19.2 The Client agrees not to use, reproduce, or distribute any intellectual property of the Supplier without prior written consent.
19.3 Any intellectual property created or developed specifically for the Client's event, such as custom cocktail recipes or branded materials, shall be jointly owned by both Parties unless otherwise agreed in writing. Both Parties shall have non-exclusive rights to use such intellectual property for promotional or business purposes related to the Event.
20. Industry Regulations and Standards
20.1 The Supplier acknowledges and agrees to comply with all relevant industry regulations and standards related to mobile bar services in Tasmania, including but not limited to:
Responsible Service of Alcohol (RSA) guidelines and training requirements.
Food safety standards and hygiene practices as per local health regulations.

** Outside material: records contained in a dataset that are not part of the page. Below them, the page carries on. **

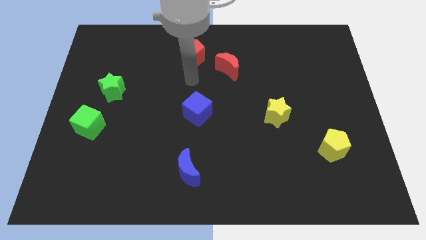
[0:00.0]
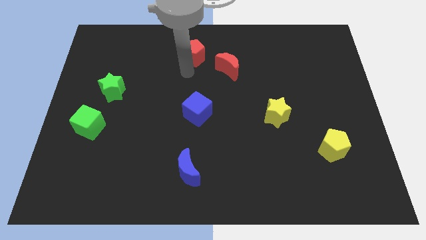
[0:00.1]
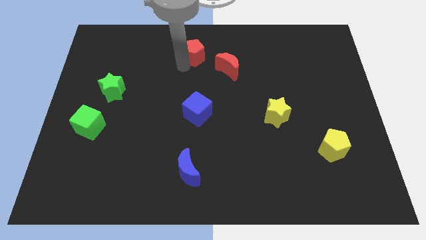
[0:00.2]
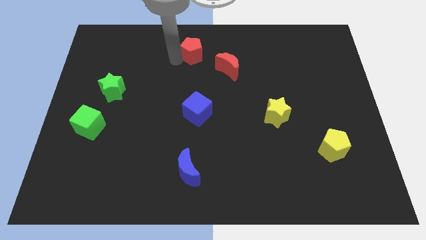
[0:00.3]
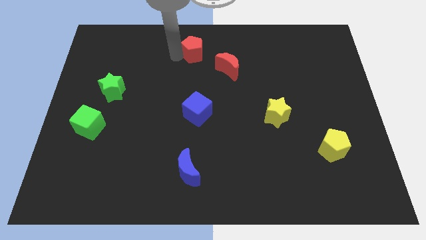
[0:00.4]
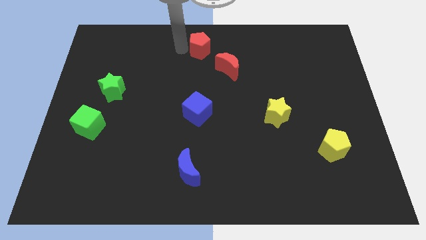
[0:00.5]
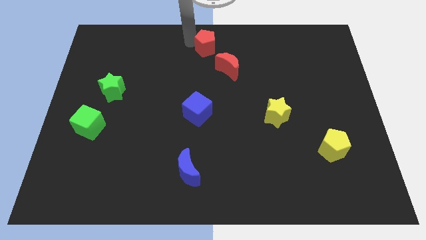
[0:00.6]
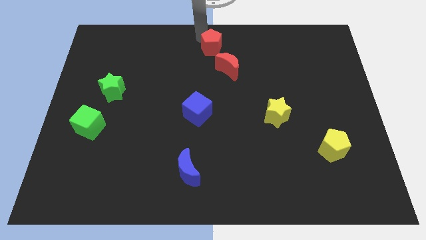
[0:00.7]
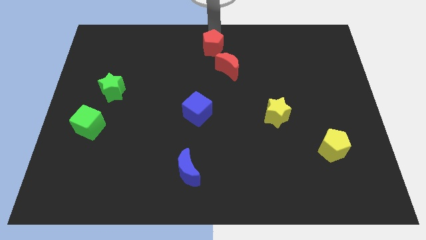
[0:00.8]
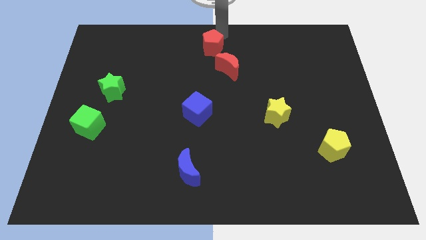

Licensing requirements for alcohol service at events.
20.2 The Supplier shall ensure that all staff involved in providing mobile bar services are adequately trained and certified in RSA and adhere to professional conduct standards during events.
21. Governing Law and Jurisdiction
21.1 This Agreement shall be governed by and construed in accordance with the laws of Tasmania, Australia.
21.2 Any legal actions or proceedings arising out of or in connection with this Agreement shall be brought exclusively in the courts of Tasmania, Australia.
22. Liability
22.1 The Supplier does not carry liability insurance covering damages, accidents, or injuries caused by the Supplier's staff during the Event.
22.2 The Client agrees to indemnify and hold harmless the Supplier and/or its staff from any claims arising from the Event, except for claims due to the Supplier's and/or its staff negligence.
22.3 The Client acknowledges that they are responsible for any damages or injuries caused by guests or third parties during the Event.
22.4 The Supplier is not liable for any indirect, incidental, consequential, or punitive damages arising from or related to the services provided.